■ What is expected: Make an exact copy of each entry, leaving out every picture.

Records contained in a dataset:
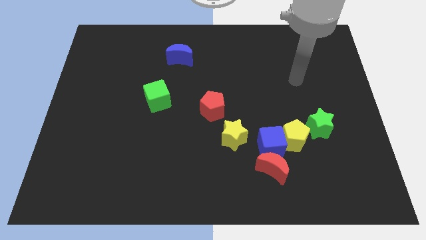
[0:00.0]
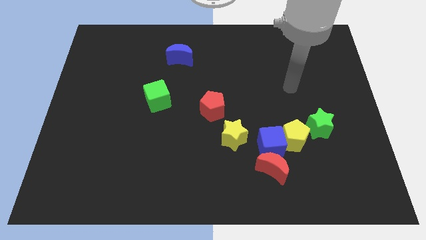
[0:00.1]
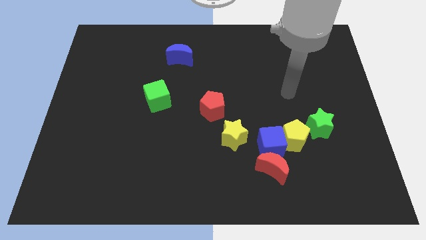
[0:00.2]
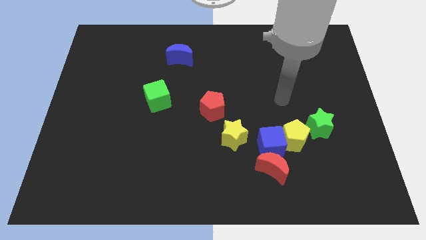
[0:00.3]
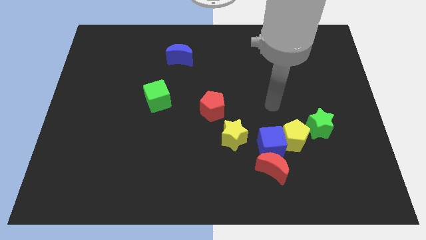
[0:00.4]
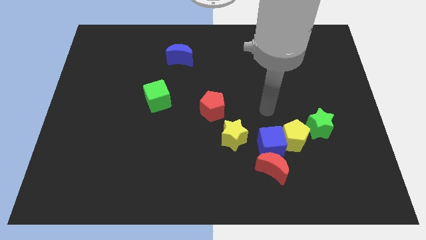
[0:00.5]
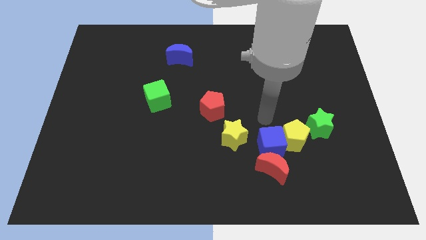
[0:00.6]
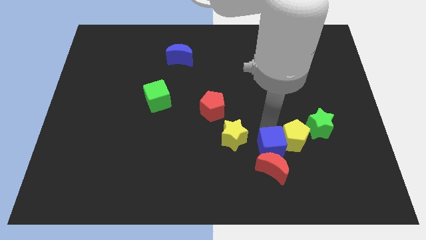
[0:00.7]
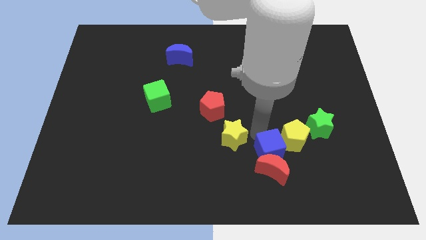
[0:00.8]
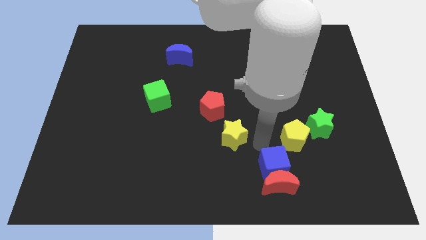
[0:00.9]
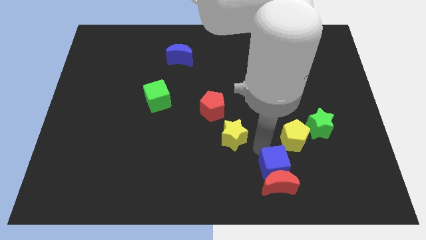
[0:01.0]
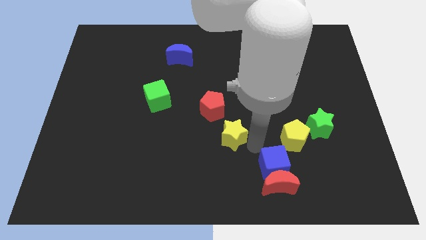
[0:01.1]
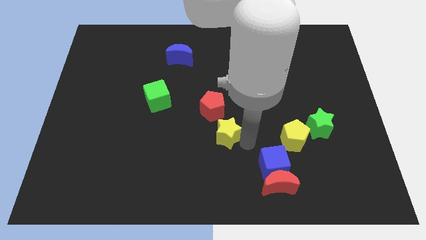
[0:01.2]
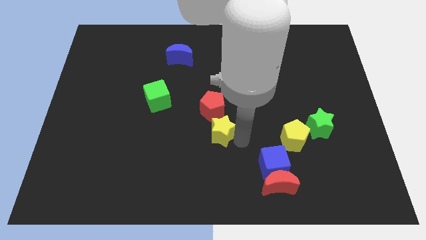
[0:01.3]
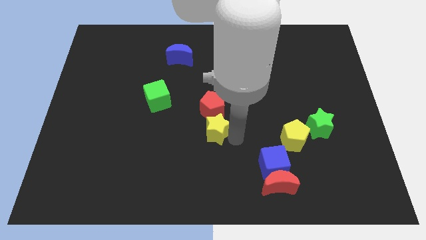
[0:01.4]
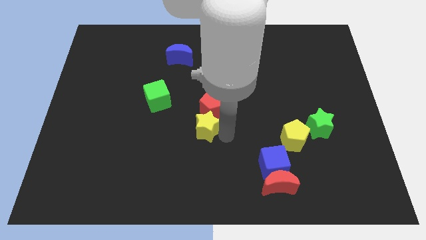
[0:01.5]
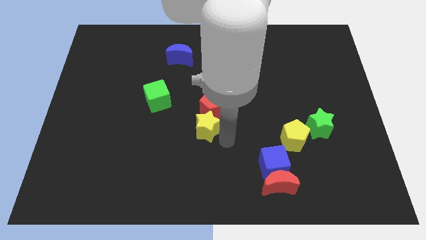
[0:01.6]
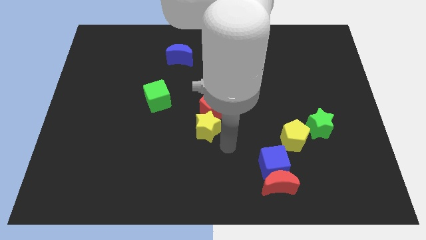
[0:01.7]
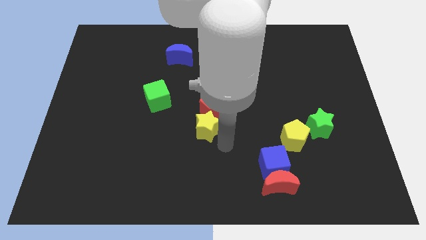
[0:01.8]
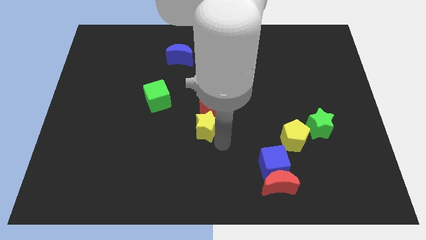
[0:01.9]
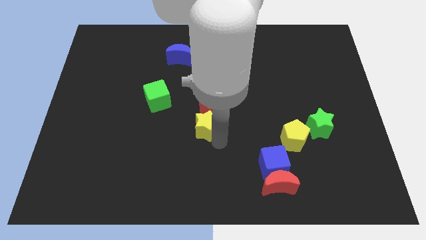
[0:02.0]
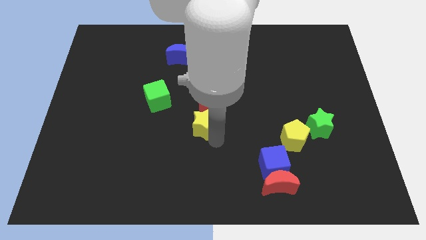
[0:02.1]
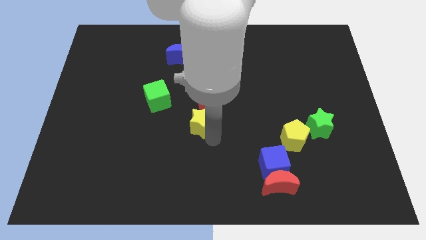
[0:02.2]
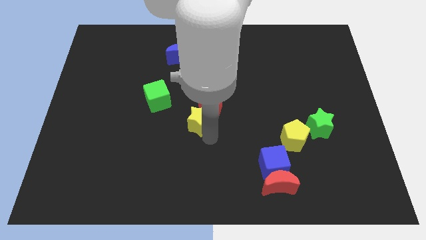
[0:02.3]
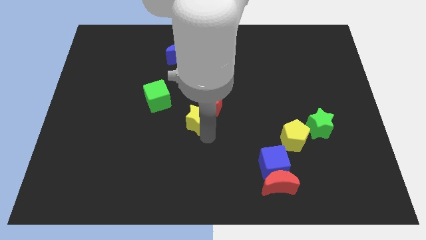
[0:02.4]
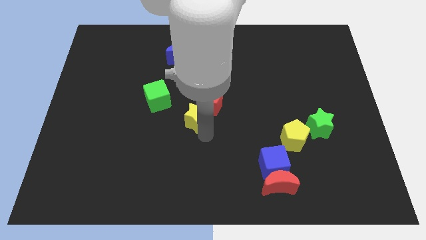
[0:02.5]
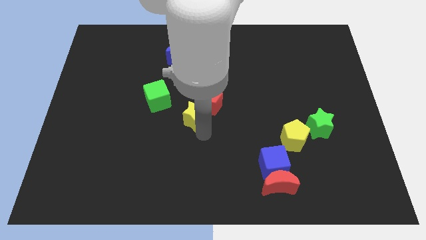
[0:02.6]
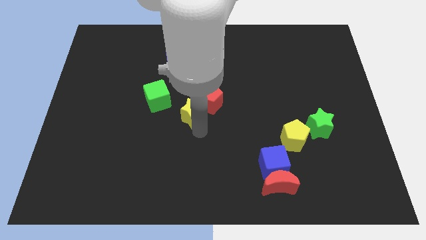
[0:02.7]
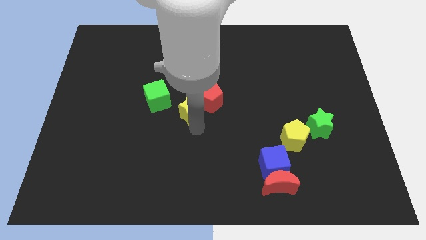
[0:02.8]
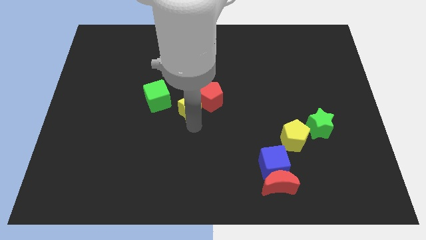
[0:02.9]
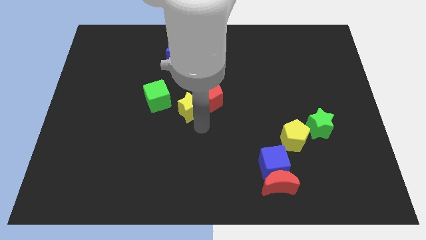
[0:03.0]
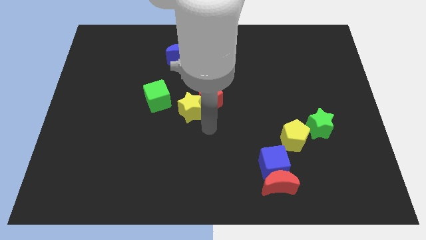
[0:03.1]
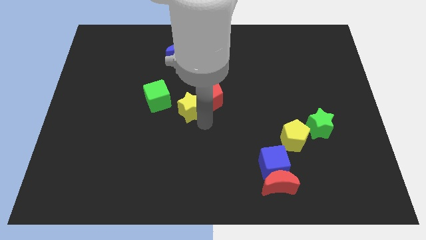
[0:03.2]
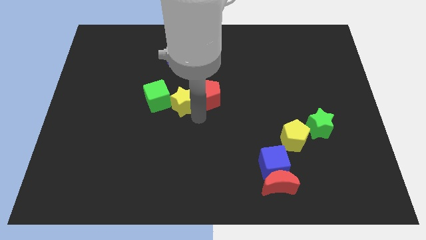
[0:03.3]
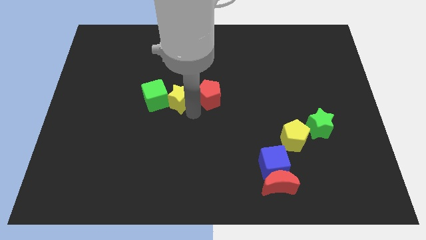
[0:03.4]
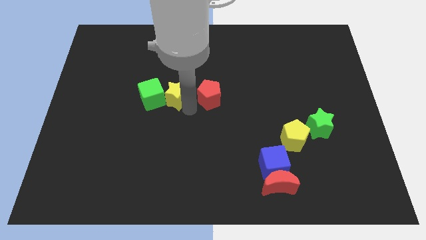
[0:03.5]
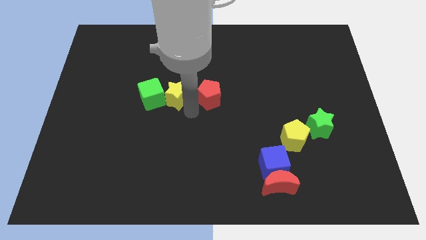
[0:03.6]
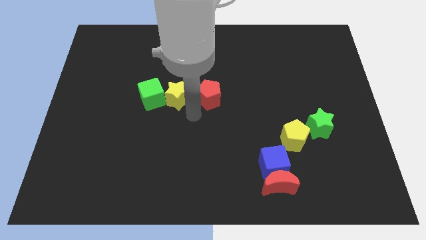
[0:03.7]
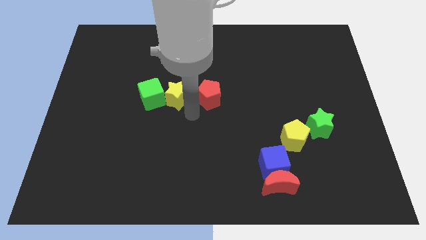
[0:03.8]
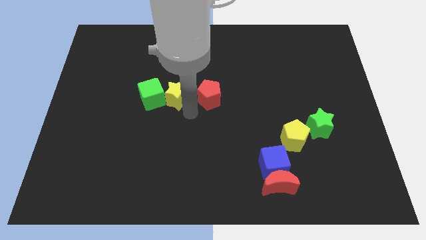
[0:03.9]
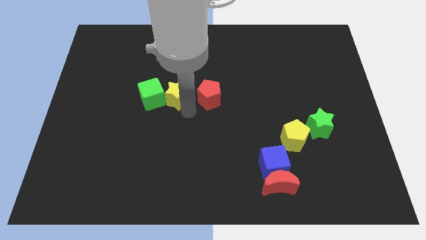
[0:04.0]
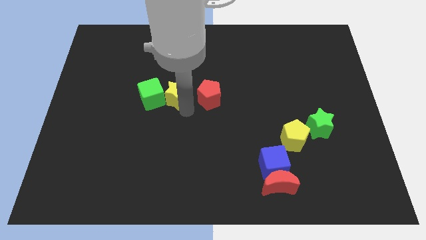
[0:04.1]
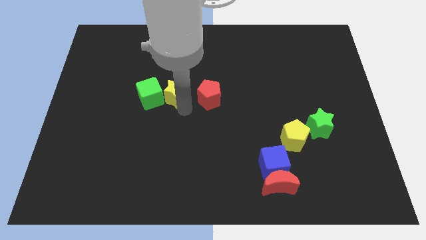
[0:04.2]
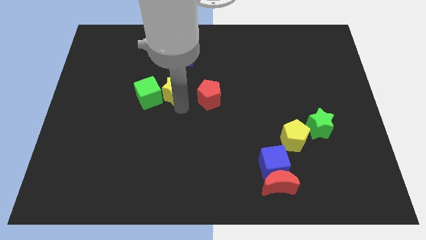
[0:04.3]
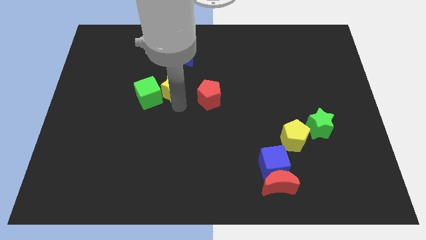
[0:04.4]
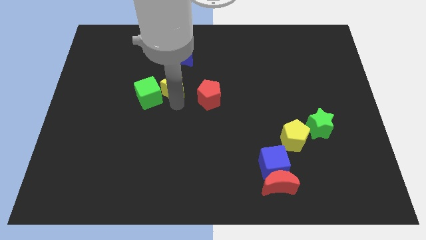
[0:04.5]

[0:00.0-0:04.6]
push the yellow star upwards and left diagonally

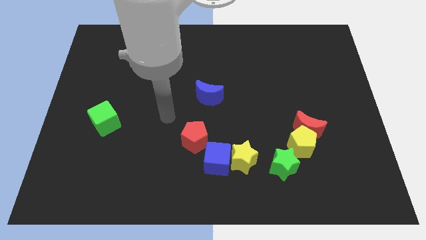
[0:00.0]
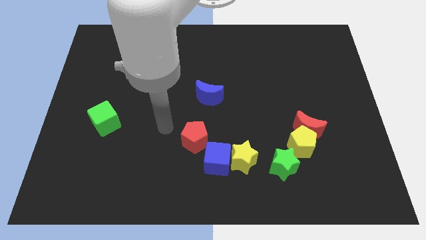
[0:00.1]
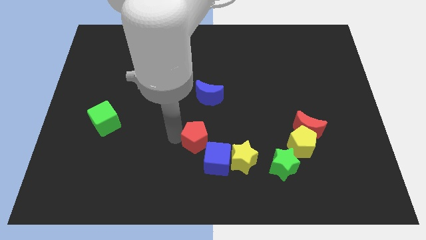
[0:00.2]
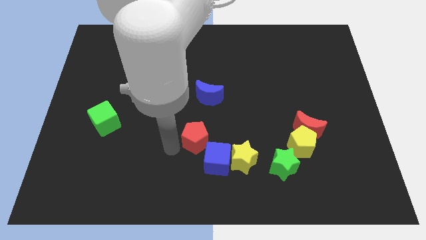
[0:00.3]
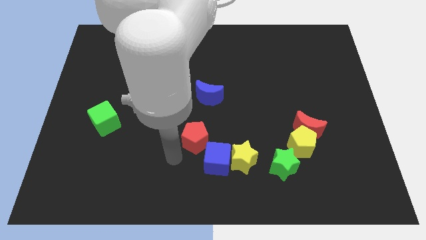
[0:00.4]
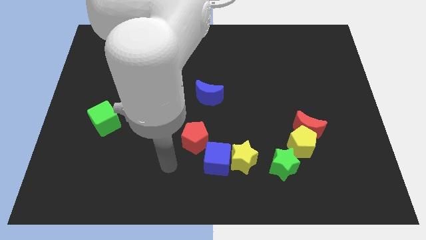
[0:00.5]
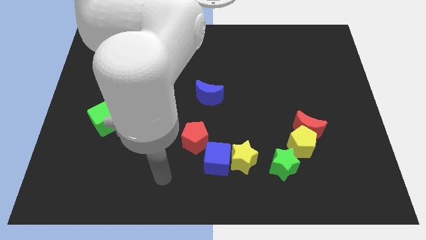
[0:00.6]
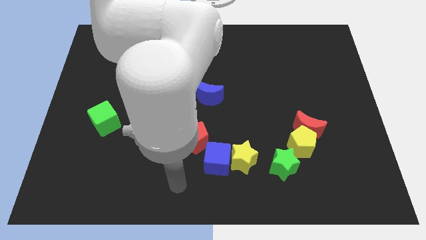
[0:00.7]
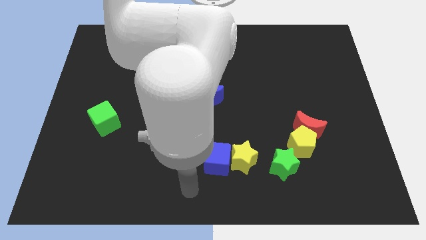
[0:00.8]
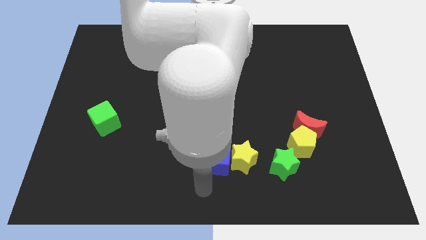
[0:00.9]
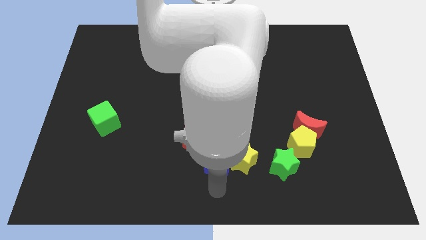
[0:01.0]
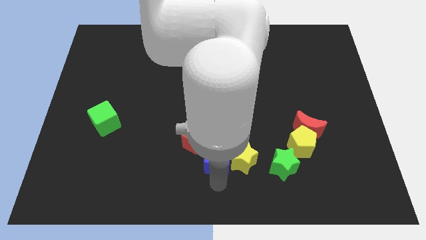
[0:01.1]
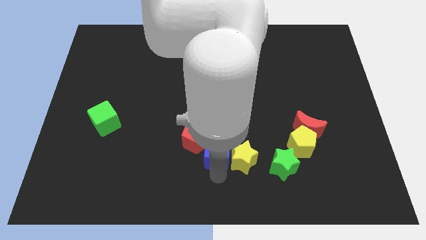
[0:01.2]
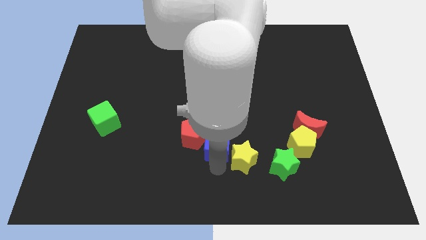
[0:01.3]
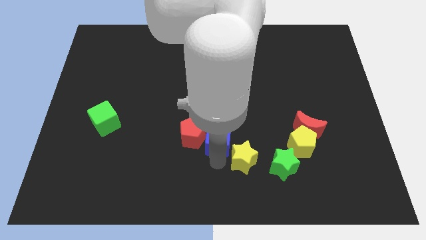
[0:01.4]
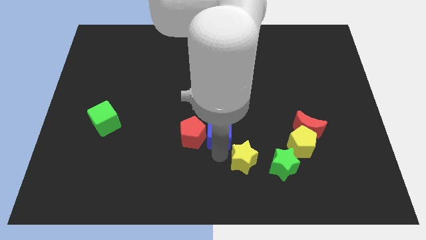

■ Solution for this task:
[0:00.0]
[0:00.1]
[0:00.2]
[0:00.3]
[0:00.4]
[0:00.5]
[0:00.6]
[0:00.7]
[0:00.8]
[0:00.9]
[0:01.0]
[0:01.1]
[0:01.2]
[0:01.3]
[0:01.4]
[0:01.5]
[0:01.6]
[0:01.7]
[0:01.8]
[0:01.9]
[0:02.0]
[0:02.1]
[0:02.2]
[0:02.3]
[0:02.4]
[0:02.5]
[0:02.6]
[0:02.7]
[0:02.8]
[0:02.9]
[0:03.0]
[0:03.1]
[0:03.2]
[0:03.3]
[0:03.4]
[0:03.5]
[0:03.6]
[0:03.7]
[0:03.8]
[0:03.9]
[0:04.0]
[0:04.1]
[0:04.2]
[0:04.3]
[0:04.4]
[0:04.5]

[0:00.0-0:04.6]
push the yellow star upwards and left diagonally

[0:00.0]
[0:00.1]
[0:00.2]
[0:00.3]
[0:00.4]
[0:00.5]
[0:00.6]
[0:00.7]
[0:00.8]
[0:00.9]
[0:01.0]
[0:01.1]
[0:01.2]
[0:01.3]
[0:01.4]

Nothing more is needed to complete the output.